• About this task:
Only the lines from the one containing "<g fill='none' stroke='rgb(249,183,11)'" through the end of the data below should be copied, each exactly as written and with both ends kept.

········

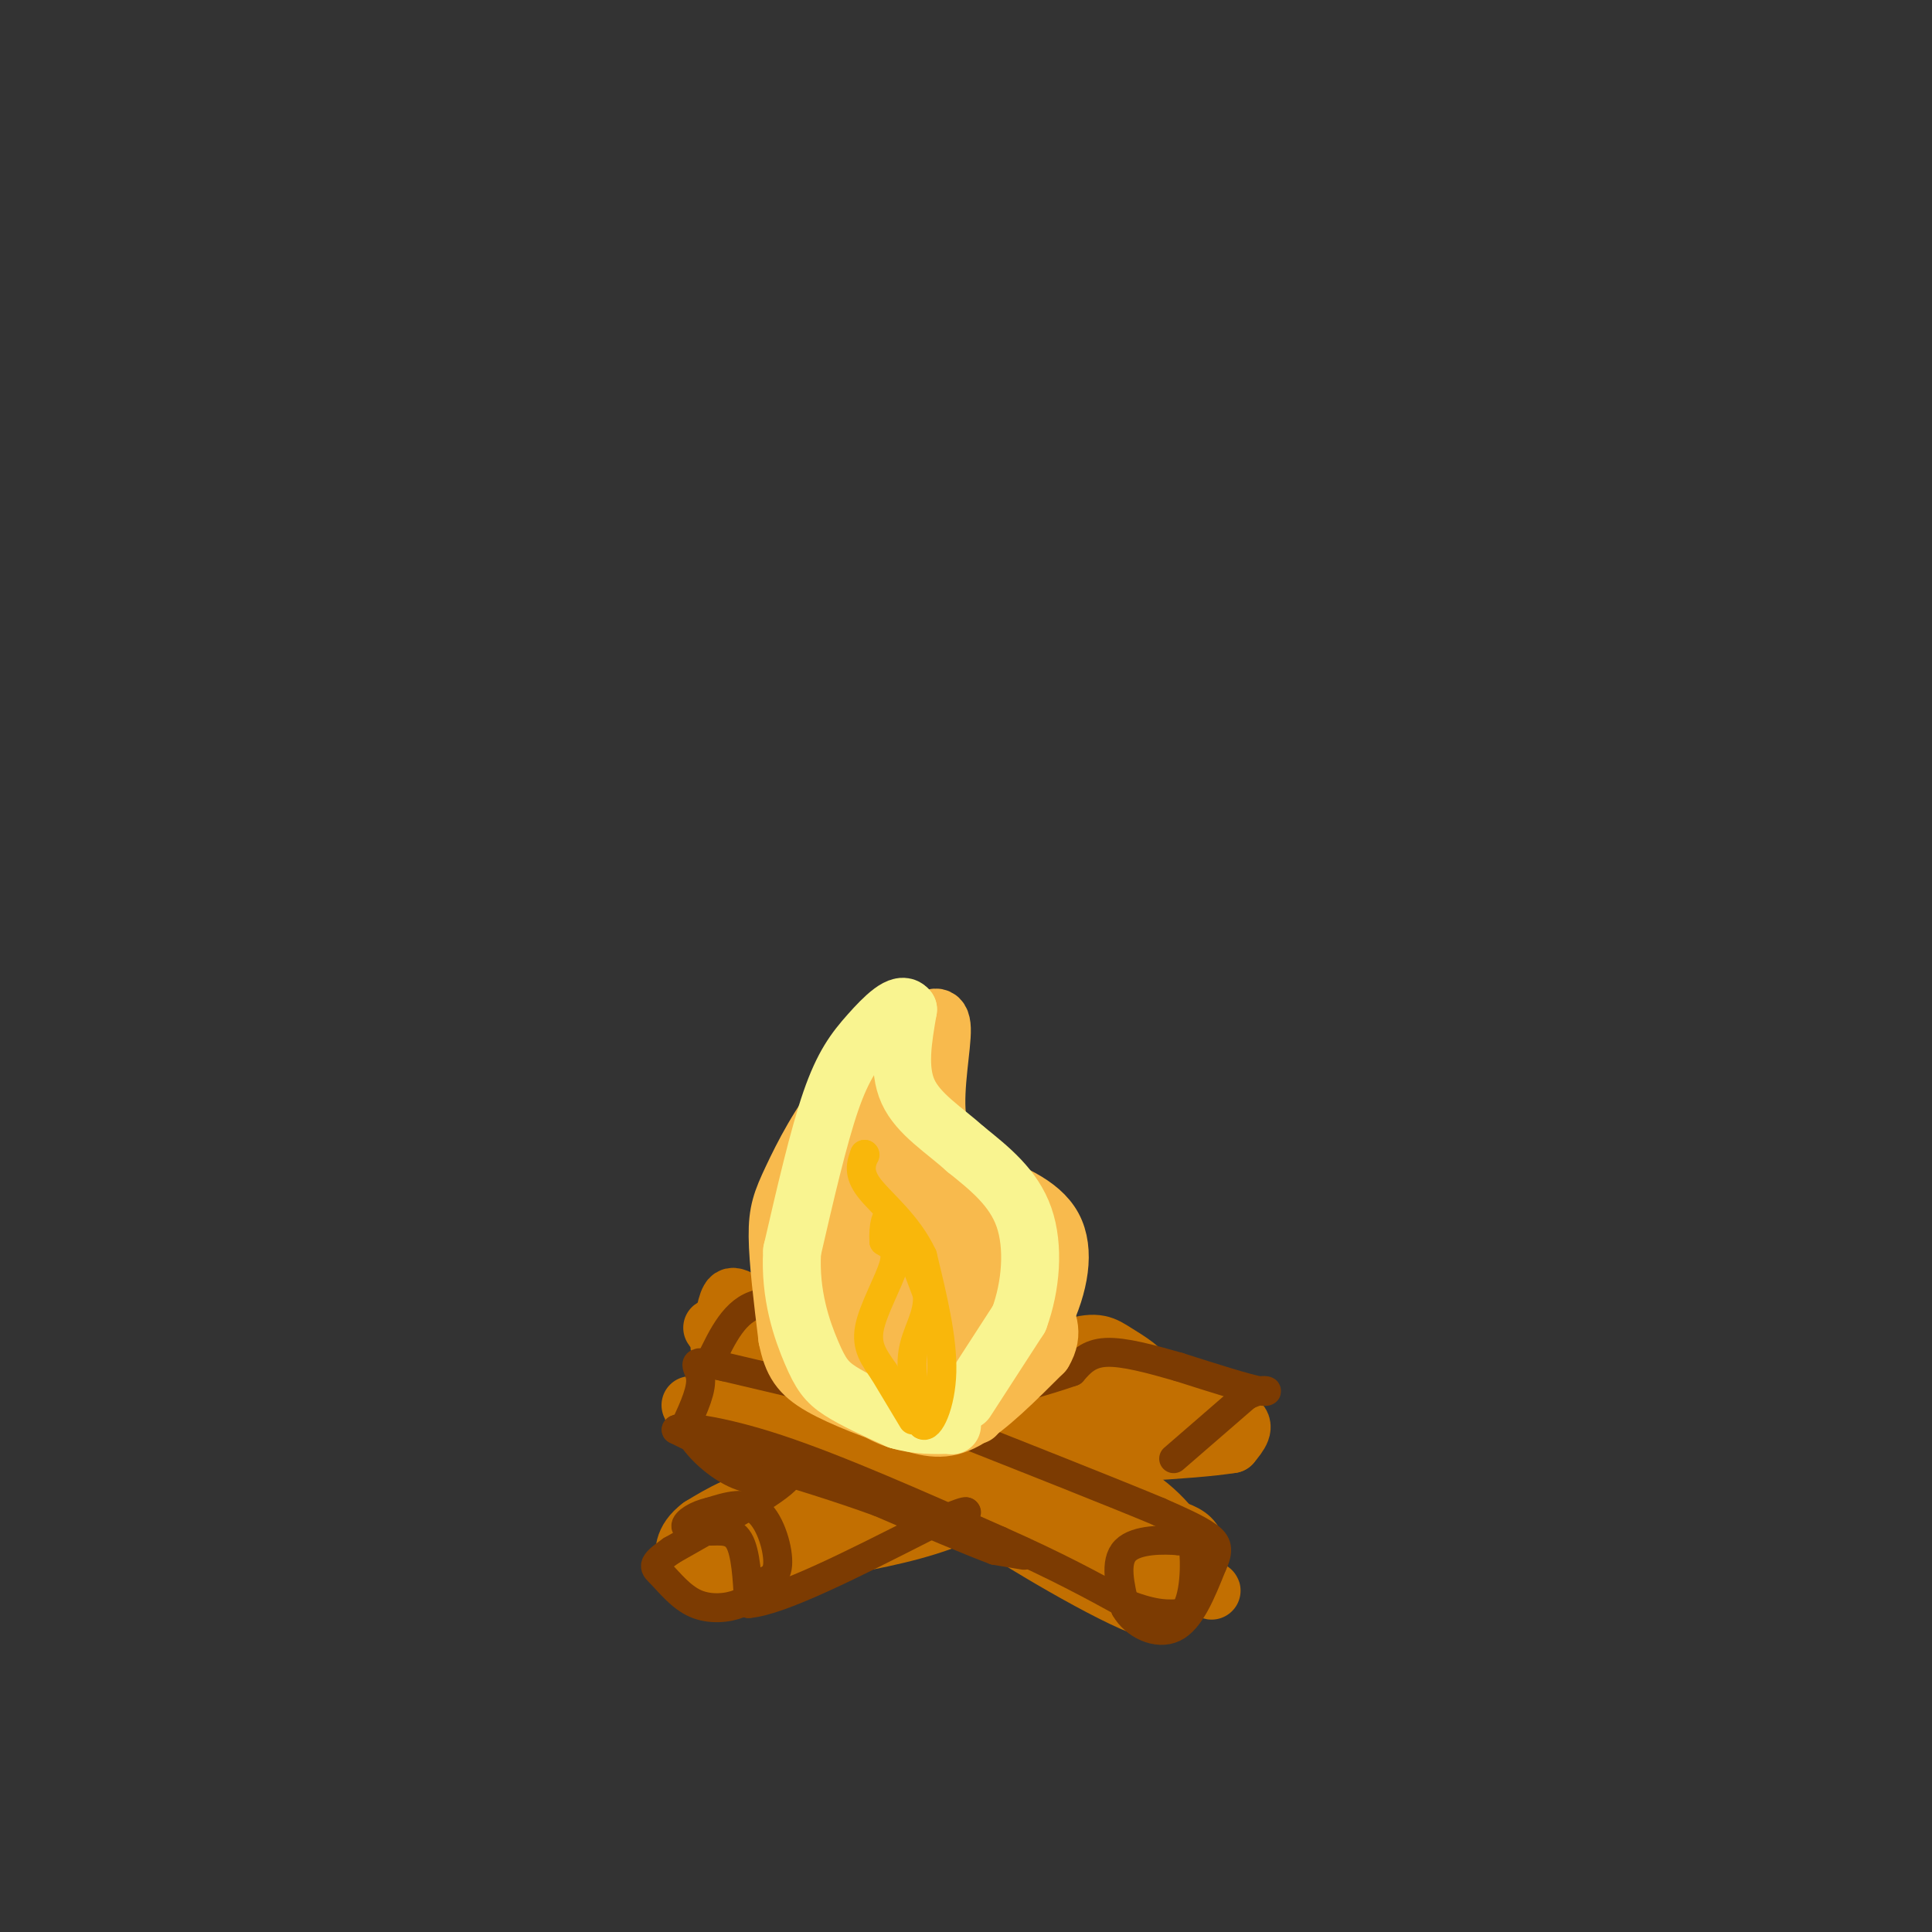 <svg viewBox='0 0 400 400' version='1.1' xmlns='http://www.w3.org/2000/svg' xmlns:xlink='http://www.w3.org/1999/xlink'><rect x="0" y="0" width="400" height="400" fill="#333333" stroke="none"/><g fill='none' stroke='rgb(194,111,1)' stroke-width='12' stroke-linecap='round' stroke-linejoin='round'><path d='M180,277c0.000,0.000 25.000,22.000 25,22'/><path d='M205,299c10.000,9.333 22.500,21.667 35,34'/><path d='M240,333c-0.956,2.311 -20.844,-8.911 -32,-16c-11.156,-7.089 -13.578,-10.044 -16,-13'/><path d='M192,304c-8.133,-7.667 -20.467,-20.333 -28,-26c-7.533,-5.667 -10.267,-4.333 -13,-3'/><path d='M151,275c-3.107,-0.440 -4.375,-0.042 -3,0c1.375,0.042 5.393,-0.274 15,5c9.607,5.274 24.804,16.137 40,27'/><path d='M203,307c12.500,8.333 23.750,15.667 35,23'/><path d='M238,330c6.611,3.775 5.638,1.713 6,0c0.362,-1.713 2.059,-3.077 3,-5c0.941,-1.923 1.126,-4.407 0,-6c-1.126,-1.593 -3.563,-2.297 -6,-3'/><path d='M241,316c-2.402,0.120 -5.407,1.919 -7,4c-1.593,2.081 -1.775,4.445 0,7c1.775,2.555 5.507,5.301 8,5c2.493,-0.301 3.746,-3.651 5,-7'/><path d='M247,325c-0.556,-3.800 -4.444,-9.800 -10,-14c-5.556,-4.200 -12.778,-6.600 -20,-9'/><path d='M217,302c-12.167,-6.000 -32.583,-16.500 -53,-27'/><path d='M164,275c-11.044,-5.978 -12.156,-7.422 -13,-6c-0.844,1.422 -1.422,5.711 -2,10'/><path d='M149,279c3.238,2.071 12.333,2.250 18,1c5.667,-1.250 7.905,-3.929 8,-6c0.095,-2.071 -1.952,-3.536 -4,-5'/><path d='M171,269c-2.238,-0.560 -5.833,0.542 -9,2c-3.167,1.458 -5.905,3.274 -2,8c3.905,4.726 14.452,12.363 25,20'/><path d='M185,299c5.845,5.357 7.958,8.750 20,14c12.042,5.250 34.012,12.357 42,15c7.988,2.643 1.994,0.821 -4,-1'/><path d='M243,327c-6.833,-3.833 -21.917,-12.917 -37,-22'/><path d='M206,305c-14.244,-3.111 -31.356,0.111 -42,3c-10.644,2.889 -14.822,5.444 -19,8'/><path d='M145,316c-3.746,2.791 -3.612,5.769 -3,8c0.612,2.231 1.703,3.716 5,4c3.297,0.284 8.799,-0.633 12,-2c3.201,-1.367 4.100,-3.183 5,-5'/><path d='M164,321c1.144,-2.502 1.502,-6.258 0,-8c-1.502,-1.742 -4.866,-1.469 -9,0c-4.134,1.469 -9.038,4.134 -11,6c-1.962,1.866 -0.981,2.933 0,4'/><path d='M144,323c1.644,1.778 5.756,4.222 15,1c9.244,-3.222 23.622,-12.111 38,-21'/><path d='M197,303c11.156,-6.244 20.044,-11.356 27,-14c6.956,-2.644 11.978,-2.822 17,-3'/><path d='M241,286c3.222,1.622 2.778,7.178 -2,11c-4.778,3.822 -13.889,5.911 -23,8'/><path d='M216,305c-7.089,3.200 -13.311,7.200 -21,10c-7.689,2.800 -16.844,4.400 -26,6'/><path d='M169,321c-7.156,2.489 -12.044,5.711 -11,4c1.044,-1.711 8.022,-8.356 15,-15'/><path d='M173,310c7.089,-6.556 17.311,-15.444 26,-21c8.689,-5.556 15.844,-7.778 23,-10'/><path d='M222,279c5.155,-1.583 6.542,-0.542 9,1c2.458,1.542 5.988,3.583 7,6c1.012,2.417 -0.494,5.208 -2,8'/><path d='M236,294c-0.667,2.287 -1.333,4.005 -5,5c-3.667,0.995 -10.333,1.268 -12,0c-1.667,-1.268 1.667,-4.077 2,-5c0.333,-0.923 -2.333,0.038 -5,1'/><path d='M216,295c-10.000,-0.167 -32.500,-1.083 -55,-2'/><path d='M161,293c-13.267,-0.978 -18.933,-2.422 -18,-2c0.933,0.422 8.467,2.711 16,5'/><path d='M159,296c14.667,0.333 43.333,-1.333 72,-3'/><path d='M231,293c16.800,-0.467 22.800,-0.133 25,1c2.200,1.133 0.600,3.067 -1,5'/><path d='M255,299c-8.167,1.333 -28.083,2.167 -48,3'/><path d='M207,302c-9.667,0.500 -9.833,0.250 -10,0'/><path d='M197,302c0.000,0.000 0.100,0.100 0.1,0.1'/></g>
<g fill='none' stroke='rgb(124,59,2)' stroke-width='6' stroke-linecap='round' stroke-linejoin='round'><path d='M212,322c0.000,0.000 -6.000,-1.000 -6,-1'/><path d='M206,321c-5.000,-1.833 -14.500,-5.917 -24,-10'/><path d='M182,311c-8.667,-3.167 -18.333,-6.083 -28,-9'/><path d='M154,302c-7.000,-2.500 -10.500,-4.250 -14,-6'/><path d='M140,296c0.444,-0.889 8.556,-0.111 21,4c12.444,4.111 29.222,11.556 46,19'/><path d='M207,319c12.000,5.333 19.000,9.167 26,13'/><path d='M233,332c6.333,2.500 9.167,2.250 12,2'/><path d='M245,334c2.444,-2.756 2.556,-10.644 2,-14c-0.556,-3.356 -1.778,-2.178 -3,-1'/><path d='M244,319c-2.911,-0.244 -8.689,-0.356 -11,2c-2.311,2.356 -1.156,7.178 0,12'/><path d='M233,333c1.867,3.333 6.533,5.667 10,4c3.467,-1.667 5.733,-7.333 8,-13'/><path d='M251,324c1.467,-3.133 1.133,-4.467 -1,-6c-2.133,-1.533 -6.067,-3.267 -10,-5'/><path d='M240,313c-9.167,-3.833 -27.083,-10.917 -45,-18'/><path d='M195,295c-15.000,-5.000 -30.000,-8.500 -45,-12'/><path d='M150,283c-7.978,-1.867 -5.422,-0.533 -5,2c0.422,2.533 -1.289,6.267 -3,10'/><path d='M142,295c1.267,3.733 5.933,8.067 10,10c4.067,1.933 7.533,1.467 11,1'/><path d='M163,306c-2.167,2.667 -13.083,8.833 -24,15'/><path d='M139,321c-4.459,3.102 -3.608,3.357 -2,5c1.608,1.643 3.971,4.673 7,6c3.029,1.327 6.722,0.951 9,0c2.278,-0.951 3.139,-2.475 4,-4'/><path d='M157,328c1.643,-0.869 3.750,-1.042 4,-4c0.250,-2.958 -1.357,-8.702 -4,-11c-2.643,-2.298 -6.321,-1.149 -10,0'/><path d='M147,313c-2.889,0.622 -5.111,2.178 -5,3c0.111,0.822 2.556,0.911 5,1'/><path d='M147,317c2.022,0.022 4.578,-0.422 6,2c1.422,2.422 1.711,7.711 2,13'/><path d='M155,332c6.500,-0.500 21.750,-8.250 37,-16'/><path d='M192,316c7.500,-3.167 7.750,-3.083 8,-3'/><path d='M200,313c0.000,0.000 0.100,0.100 0.1,0.1'/><path d='M243,302c0.000,0.000 15.000,-13.000 15,-13'/><path d='M258,289c3.756,-2.022 5.644,-0.578 3,-1c-2.644,-0.422 -9.822,-2.711 -17,-5'/><path d='M244,283c-5.667,-1.622 -11.333,-3.178 -15,-3c-3.667,0.178 -5.333,2.089 -7,4'/><path d='M222,284c-5.167,1.833 -14.583,4.417 -24,7'/><path d='M198,291c-5.500,0.667 -7.250,-1.167 -9,-3'/><path d='M189,288c-3.444,-3.133 -7.556,-9.467 -13,-13c-5.444,-3.533 -12.222,-4.267 -19,-5'/><path d='M157,270c-4.833,1.167 -7.417,6.583 -10,12'/><path d='M147,282c0.000,0.000 0.100,0.100 0.1,0.1'/></g>
<g fill='none' stroke='rgb(248,186,77)' stroke-width='12' stroke-linecap='round' stroke-linejoin='round'><path d='M202,293c0.000,0.000 14.000,-20.000 14,-20'/><path d='M216,273c3.333,-6.889 4.667,-14.111 2,-19c-2.667,-4.889 -9.333,-7.444 -16,-10'/><path d='M202,244c-4.393,-3.429 -7.375,-7.000 -8,-13c-0.625,-6.000 1.107,-14.429 1,-18c-0.107,-3.571 -2.054,-2.286 -4,-1'/><path d='M191,212c-3.630,2.049 -10.705,7.673 -16,14c-5.295,6.327 -8.810,13.357 -11,18c-2.190,4.643 -3.054,6.898 -3,12c0.054,5.102 1.027,13.051 2,21'/><path d='M163,277c1.021,5.134 2.573,7.469 7,10c4.427,2.531 11.730,5.258 17,7c5.270,1.742 8.506,2.498 13,0c4.494,-2.498 10.247,-8.249 16,-14'/><path d='M216,280c2.517,-4.081 0.810,-7.284 -1,-10c-1.810,-2.716 -3.722,-4.944 -8,-8c-4.278,-3.056 -10.921,-6.938 -15,-6c-4.079,0.938 -5.594,6.697 -6,11c-0.406,4.303 0.297,7.152 1,10'/><path d='M187,277c2.435,4.845 8.024,11.959 10,15c1.976,3.041 0.340,2.011 -2,2c-2.340,-0.011 -5.383,0.997 -9,0c-3.617,-0.997 -7.809,-3.998 -12,-7'/><path d='M174,287c-3.548,-3.988 -6.417,-10.458 -8,-18c-1.583,-7.542 -1.881,-16.155 0,-24c1.881,-7.845 5.940,-14.923 10,-22'/><path d='M176,223c3.381,-4.452 6.833,-4.583 6,4c-0.833,8.583 -5.952,25.881 -7,37c-1.048,11.119 1.976,16.060 5,21'/><path d='M180,285c2.122,4.174 4.928,4.110 9,4c4.072,-0.110 9.411,-0.267 12,-3c2.589,-2.733 2.428,-8.044 2,-12c-0.428,-3.956 -1.122,-6.559 -3,-8c-1.878,-1.441 -4.939,-1.721 -8,-2'/><path d='M192,264c-2.131,0.119 -3.458,1.417 -5,2c-1.542,0.583 -3.298,0.452 -4,-5c-0.702,-5.452 -0.351,-16.226 0,-27'/><path d='M183,234c-1.589,-4.707 -5.560,-2.973 -8,2c-2.440,4.973 -3.349,13.185 -2,19c1.349,5.815 4.957,9.233 10,13c5.043,3.767 11.522,7.884 18,12'/><path d='M201,280c3.067,-3.067 1.733,-16.733 -1,-24c-2.733,-7.267 -6.867,-8.133 -11,-9'/><path d='M189,247c-2.524,-1.893 -3.333,-2.125 -4,-8c-0.667,-5.875 -1.190,-17.393 1,-16c2.190,1.393 7.095,15.696 12,30'/><path d='M198,253c5.200,6.267 12.200,6.933 13,10c0.800,3.067 -4.600,8.533 -10,14'/><path d='M201,277c0.000,0.000 0.100,0.100 0.1,0.1'/></g>
<g fill='none' stroke='rgb(249,244,144)' stroke-width='12' stroke-linecap='round' stroke-linejoin='round'><path d='M200,290c0.000,0.000 11.000,-17.000 11,-17'/><path d='M211,273c2.467,-6.689 3.133,-14.911 1,-21c-2.133,-6.089 -7.067,-10.044 -12,-14'/><path d='M200,238c-4.533,-4.089 -9.867,-7.311 -12,-12c-2.133,-4.689 -1.067,-10.844 0,-17'/><path d='M188,209c-1.429,-1.964 -5.000,1.625 -8,5c-3.000,3.375 -5.429,6.536 -8,14c-2.571,7.464 -5.286,19.232 -8,31'/><path d='M164,259c-0.548,9.143 2.083,16.500 4,21c1.917,4.500 3.119,6.143 6,8c2.881,1.857 7.440,3.929 12,6'/><path d='M186,294c3.833,1.167 7.417,1.083 11,1'/><path d='M197,295c0.000,0.000 0.100,0.100 0.1,0.1'/></g>
<g fill='none' stroke='rgb(249,183,11)' stroke-width='6' stroke-linecap='round' stroke-linejoin='round'><path d='M189,294c0.000,0.000 -6.000,-10.000 -6,-10'/><path d='M183,284c-1.929,-2.869 -3.750,-5.042 -3,-9c0.750,-3.958 4.071,-9.702 5,-13c0.929,-3.298 -0.536,-4.149 -2,-5'/><path d='M183,257c-0.178,-2.600 0.378,-6.600 2,-5c1.622,1.600 4.311,8.800 7,16'/><path d='M192,268c0.333,4.489 -2.333,7.711 -3,12c-0.667,4.289 0.667,9.644 2,15'/><path d='M191,295c1.378,0.956 3.822,-4.156 4,-11c0.178,-6.844 -1.911,-15.422 -4,-24'/><path d='M191,260c-3.022,-6.533 -8.578,-10.867 -11,-14c-2.422,-3.133 -1.711,-5.067 -1,-7'/><path d='M179,239c0.000,0.000 0.100,0.100 0.1,0.1'/></g>
</svg>

········

• Exercise output:
<g fill='none' stroke='rgb(249,183,11)' stroke-width='6' stroke-linecap='round' stroke-linejoin='round'><path d='M189,294c0.000,0.000 -6.000,-10.000 -6,-10'/><path d='M183,284c-1.929,-2.869 -3.750,-5.042 -3,-9c0.750,-3.958 4.071,-9.702 5,-13c0.929,-3.298 -0.536,-4.149 -2,-5'/><path d='M183,257c-0.178,-2.600 0.378,-6.600 2,-5c1.622,1.600 4.311,8.800 7,16'/><path d='M192,268c0.333,4.489 -2.333,7.711 -3,12c-0.667,4.289 0.667,9.644 2,15'/><path d='M191,295c1.378,0.956 3.822,-4.156 4,-11c0.178,-6.844 -1.911,-15.422 -4,-24'/><path d='M191,260c-3.022,-6.533 -8.578,-10.867 -11,-14c-2.422,-3.133 -1.711,-5.067 -1,-7'/><path d='M179,239c0.000,0.000 0.100,0.100 0.1,0.1'/></g>
</svg>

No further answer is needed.